» **ABOUT THIS EXERCISE**:
You are asked to copy the entire listing exactly, apart from its pictures.

» **DATASET EXTRACT**:
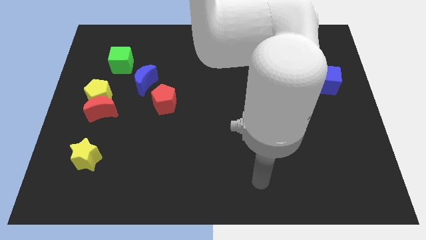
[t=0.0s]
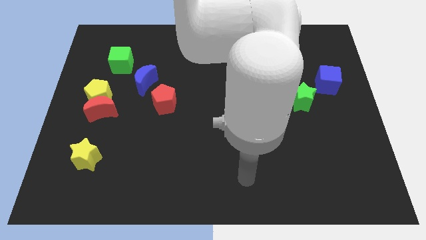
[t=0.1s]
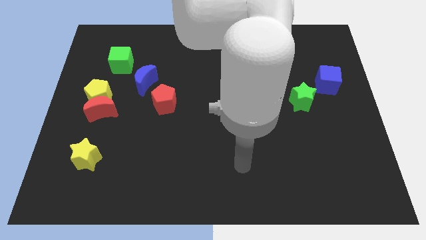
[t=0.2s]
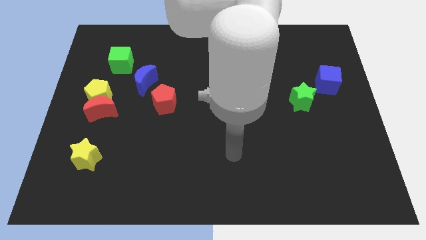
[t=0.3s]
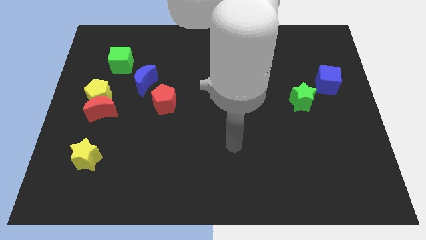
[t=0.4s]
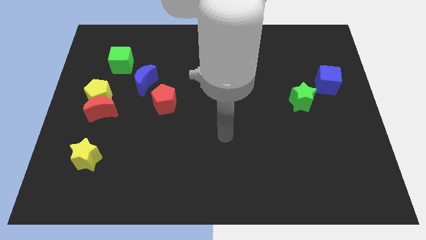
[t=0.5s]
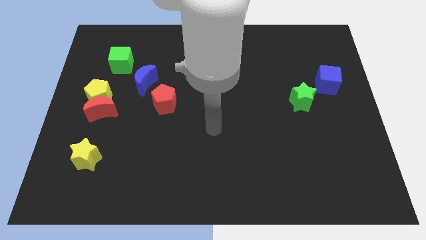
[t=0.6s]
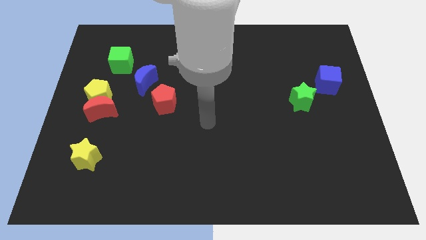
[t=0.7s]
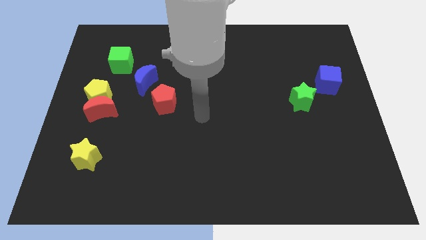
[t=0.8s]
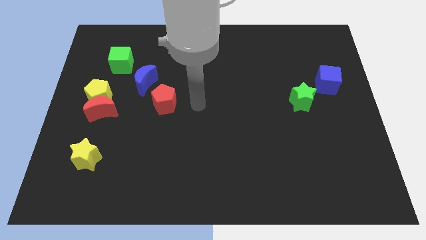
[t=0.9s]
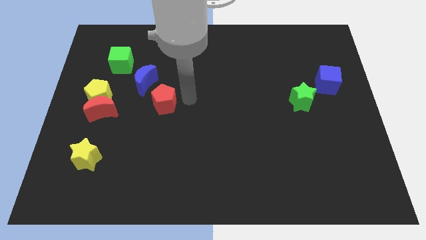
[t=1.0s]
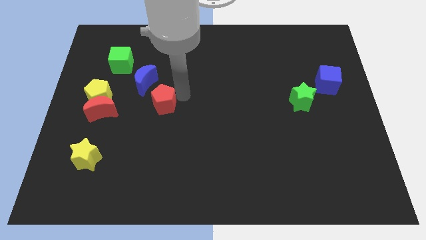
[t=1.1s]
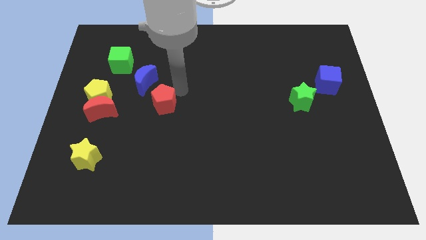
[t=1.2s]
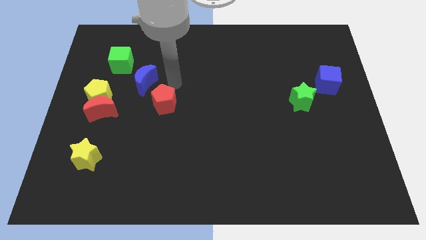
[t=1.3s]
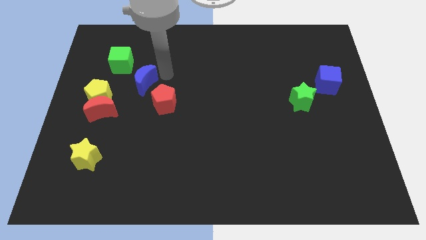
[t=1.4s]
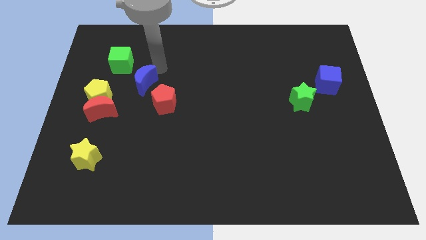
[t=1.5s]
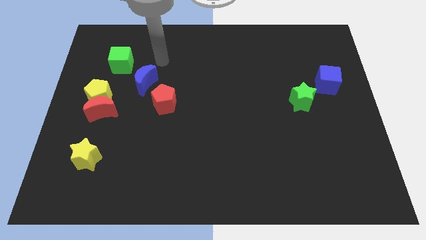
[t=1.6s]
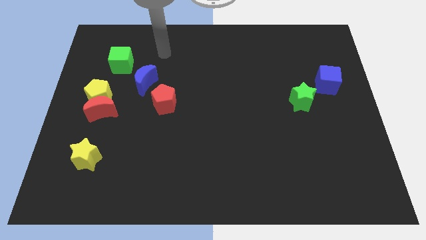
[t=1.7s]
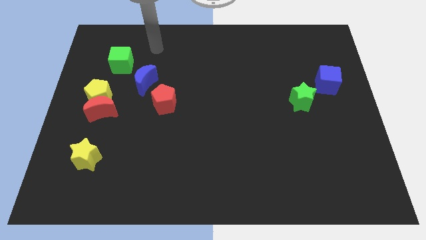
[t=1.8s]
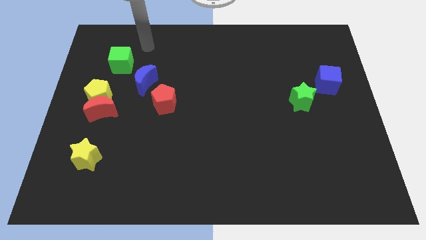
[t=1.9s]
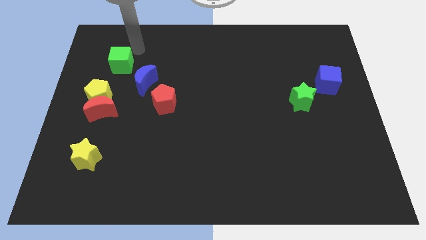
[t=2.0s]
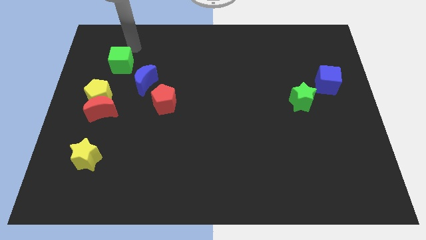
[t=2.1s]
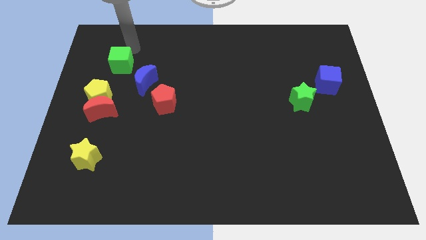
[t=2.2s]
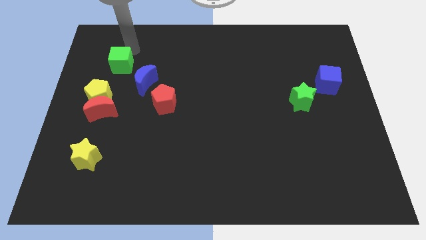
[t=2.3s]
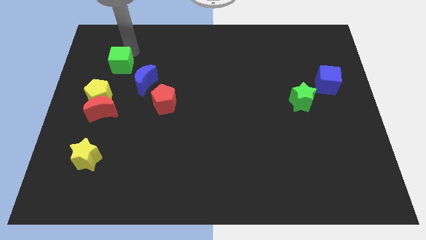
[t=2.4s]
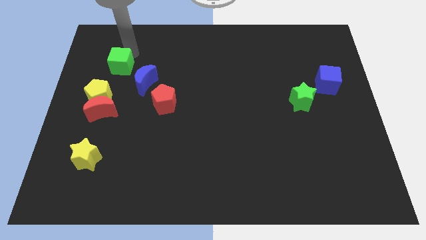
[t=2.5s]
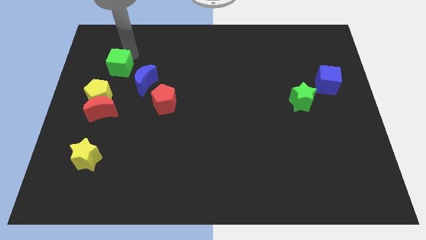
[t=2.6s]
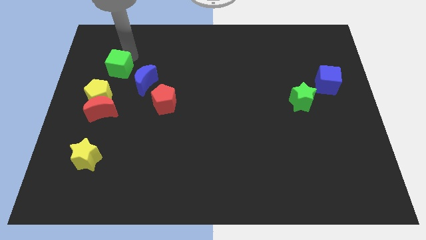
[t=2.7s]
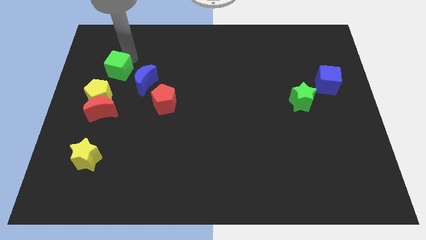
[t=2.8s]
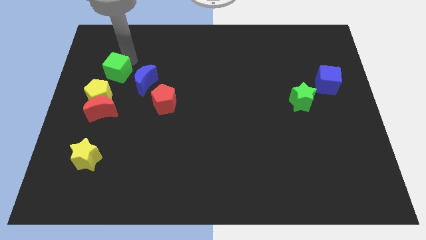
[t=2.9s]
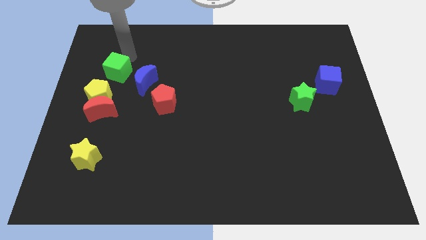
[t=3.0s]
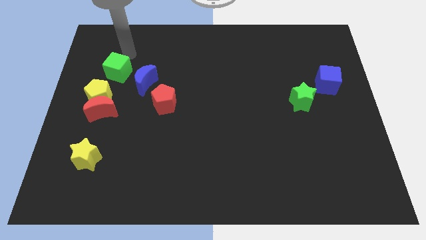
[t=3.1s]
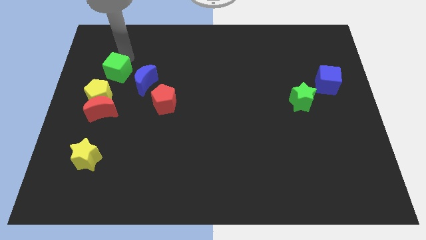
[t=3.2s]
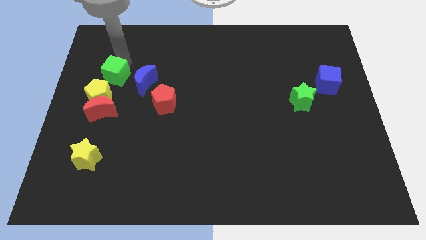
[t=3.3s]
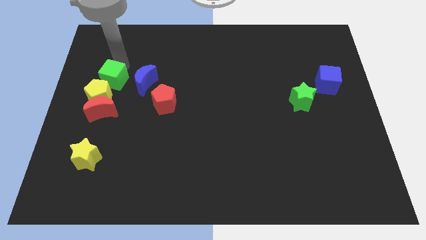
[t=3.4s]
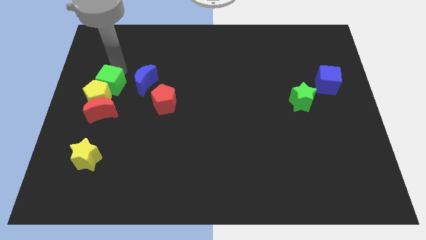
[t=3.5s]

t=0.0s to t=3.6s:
put the green cube close to the yellow pentagon
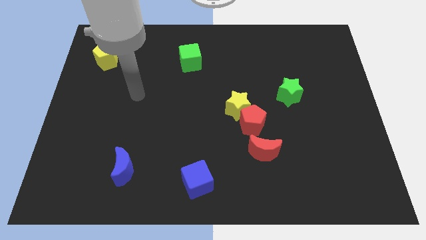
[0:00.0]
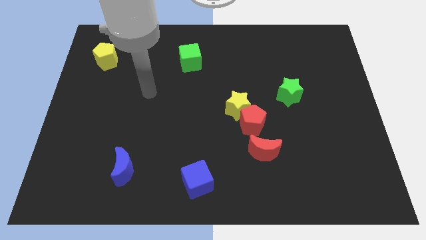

» **REPLY TO THE EXERCISE**:
[t=0.0s]
[t=0.1s]
[t=0.2s]
[t=0.3s]
[t=0.4s]
[t=0.5s]
[t=0.6s]
[t=0.7s]
[t=0.8s]
[t=0.9s]
[t=1.0s]
[t=1.1s]
[t=1.2s]
[t=1.3s]
[t=1.4s]
[t=1.5s]
[t=1.6s]
[t=1.7s]
[t=1.8s]
[t=1.9s]
[t=2.0s]
[t=2.1s]
[t=2.2s]
[t=2.3s]
[t=2.4s]
[t=2.5s]
[t=2.6s]
[t=2.7s]
[t=2.8s]
[t=2.9s]
[t=3.0s]
[t=3.1s]
[t=3.2s]
[t=3.3s]
[t=3.4s]
[t=3.5s]

t=0.0s to t=3.6s:
put the green cube close to the yellow pentagon
[0:00.0]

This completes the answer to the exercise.